(i) Consider the Poisson equation $\nabla^{2} \psi(\mathbf{r})=f(\mathbf{r})$ with forcing term $f$ on the infinite domain $\mathbb{R}^{3}$ with $\lim _{|\mathbf{r}| \rightarrow \infty} \psi=0$. Derive the Green's function $G\left(\mathbf{r}, \mathbf{r}^{\prime}\right)=-1 /\left(4 \pi\left|\mathbf{r}-\mathbf{r}^{\prime}\right|\right)$ for this equation using the divergence theorem. [You may assume without proof that the divergence theorem is valid for the Green's function.]
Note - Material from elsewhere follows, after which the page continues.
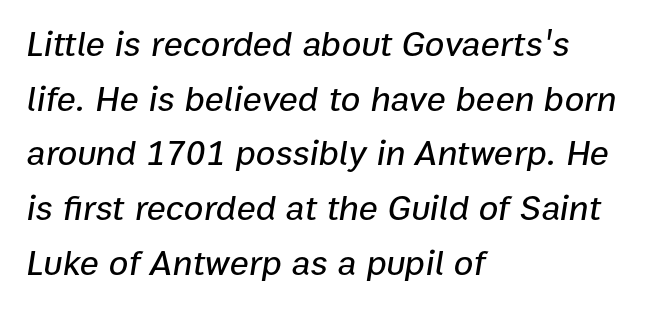
The image shows 36 px text type, italic (leaning right); set left-aligned, normal line spacing (1.52x), normal letter spacing, not underlined; low stroke contrast and a medium x-height.
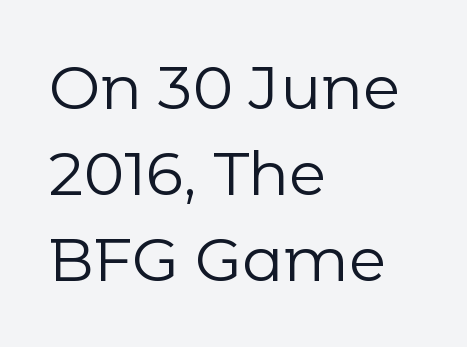
{"serif": "no", "italic": "no", "bold": "no", "weight": "regular", "width": "normal", "stroke_contrast": "low", "x_height": "medium", "monospaced": "no", "underline": "no", "align": "left", "line_spacing": "normal", "line_spacing_ratio": 1.41, "letter_spacing": "normal", "letter_spacing_em": 0.0, "glyph_px": 61}

(ii) Consider the Helmholtz equation

$$\nabla^{2} \psi(\mathbf{r})+k^{2} \psi(\mathbf{r})=f(\mathbf{r})$$

where $k$ is a real constant. A Green's function $g\left(\mathbf{r}, \mathbf{r}^{\prime}\right)$ for this equation can be constructed from $G\left(\mathbf{r}, \mathbf{r}^{\prime}\right)$ of (i) by assuming $g\left(\mathbf{r}, \mathbf{r}^{\prime}\right)=U(r) G\left(\mathbf{r}, \mathbf{r}^{\prime}\right)$ where $r=\left|\mathbf{r}-\mathbf{r}^{\prime}\right|$ and $U(r)$ is a regular function. Show that $\lim _{r \rightarrow 0} U(r)=1$ and that $U$ satisfies the equation

$$\frac{d^{2} U}{d r^{2}}+k^{2} U(r)=0$$

(iii) Take the Green's function with the specific solution $U(r)=e^{i k r}$ to Eq. ( $\ddagger$ ) and consider the Helmholtz equation $(\dagger)$ on the semi-infinite domain $z>0, x, y \in \mathbb{R}$. Use the method of images to construct a Green's function for this problem that satisfies the boundary conditions

$$\frac{\partial g}{\partial z^{\prime}}=0 \text { on } z^{\prime}=0 \quad \text { and } \quad \lim _{|\mathbf{r}| \rightarrow \infty} g\left(\mathbf{r}, \mathbf{r}^{\prime}\right)=0$$

(iv) A solution to the Helmholtz equation on a bounded domain can be constructed in complete analogy to that of the Poisson equation using the Green's function in Green's 3rd identity

$$\psi(\mathbf{r})=\int_{\partial V}\left[\psi\left(\mathbf{r}^{\prime}\right) \frac{\partial g\left(\mathbf{r}, \mathbf{r}^{\prime}\right)}{\partial n^{\prime}}-g\left(\mathbf{r}, \mathbf{r}^{\prime}\right) \frac{\partial \psi\left(\mathbf{r}^{\prime}\right)}{\partial n^{\prime}}\right] d S^{\prime}+\int_{V} f\left(\mathbf{r}^{\prime}\right) g\left(\mathbf{r}, \mathbf{r}^{\prime}\right) d V^{\prime},$$

where $V$ denotes the volume of the domain, $\partial V$ its boundary and $\partial / \partial n^{\prime}$ the outgoing normal derivative on the boundary. Now consider the homogeneous Helmholtz equation $\nabla^{2} \psi(\mathbf{r})+k^{2} \psi(\mathbf{r})=0$ on the domain $z>0, x, y \in \mathbb{R}$ with boundary conditions $\psi(\mathbf{r})=0$ at $|\mathbf{r}| \rightarrow \infty$ and

$$\left.\frac{\partial \psi}{\partial z}\right|_{z=0}= \begin{cases}0 & \text { for } \rho>a \\ A & \text { for } \rho \leqslant a\end{cases}$$

where $\rho=\sqrt{x^{2}+y^{2}}$ and $A$ and $a$ are real constants. Construct a solution in integral form to this equation using cylindrical coordinates $(z, \rho, \varphi)$ with $x=\rho \cos \varphi, y=\rho \sin \varphi$.